This last episode of Three Minute Ministry Mentor explored vocational discernment. This week we consider a spiritual practice which is valuable for the big questions of life as well as the daily practices of knowing which way to go and how to get there.
Examen invites us to test our experiences and our plans in the practice of ministry for how they bring consolation or desolation, giving us hints about how to move forward. Examen is also a useful spiritual approach to exploring the value of our mentoring relationships.
Ignatius of Loyola
Over five hundred years ago a young man named Ignatius (1491-1556) was born into a wealthy noble family in Spain. He became a knight and in 1521 was sent off to war. Ignatius was injured with a cannonball, and he had to return home to the Basque region of Spain to recover.
As he recuperated in the months that followed, he had little else to do (no facebook, twitter or Netflix) so he read. The Bible and books about Christian saints filled most of his time. He began to wonder seriously what his life was about.
As Ignatius grew more physically well, he ventured out and devoted himself to a vocation of prayer and discernment. After seeing a vision of the Mary and Jesus in 1522, he began to pray and write intensely, and in 1523 he wrote the foundation of “The Spiritual Exercises.”
This book continues to shape the spirituality of priests, religious leaders and lay people particularly through the exercise of examen. After theological study in Spain and France, Ignatius of Loyola founded the Society of Jesus in 1539. The Jesuits continue to lead, teach and hold tremendous influence in church and society in many places in the world.
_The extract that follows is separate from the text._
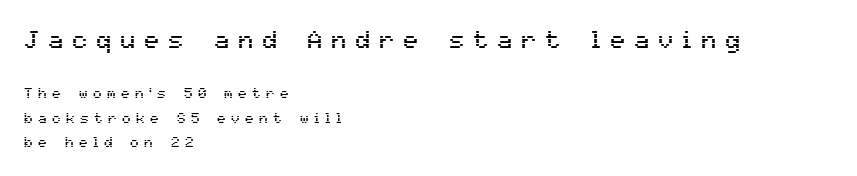
Q: Is the text italic (slanted)? A: No, it is upright.
Q: Is the text underlined? A: No.
Q: How is the paragraph aligned? A: Left-aligned.
Q: Is the spacing between letters normal or unusually wide? A: Unusually wide.
Q: Which block of text is set in a larger size, the first (top) or the second (bottom)? A: The first (top) one.

Examen is a form of spiritual exercise. It invites the exploration of scriptures and any portion of one’s life through guided questions. In this way, examen is a tried and proven pathway for discernment. It allows us to look back to times and events of our everyday lives and ask questions that help us notice the presence and guidance of God’s spirit. Knowing what brings consolation or desolation helps us see a way forward that honors our learning and God’s wisdom.
Here are some descriptions of consolation and desolation from Ignatius:
OF SPIRITUAL CONSOLATION. I call it consolation when some interior movement in the soul is caused, through which the soul comes to be inflamed with love of its Creator … when it sheds tears that move to love of its Lord … Finally, I call consolation every increase of hope, faith and charity, and all interior joy which calls and attracts to heavenly things and to the salvation of one’s soul, quieting it and giving it peace in its Creator and Lord.
OF SPIRITUAL DESOLATION. I call desolation all the contrary of [consolation]… disturbance in it, movement to things low and earthly, the unquiet of different agitations and temptations, moving to want of confidence, without hope, without love, when one finds oneself all lazy, tepid, sad, and as if separated from [the] Creator and Lord.
Examen for the Practice of Ministry
There are a million questions that rise up in the course of learning the practice of ministry. Among them are the big questions of vocational discernment: What should I do? Where should I turn? How do I know which way to go at this point in pursuing my call?
There are also the questions of the daily minutia of ministry that also deserve careful and prayerful attention. Practicing the examen and considering what brings consolation and desolation can become a spiritual habit that informs your leadership in ministry and assists you in questions large and small.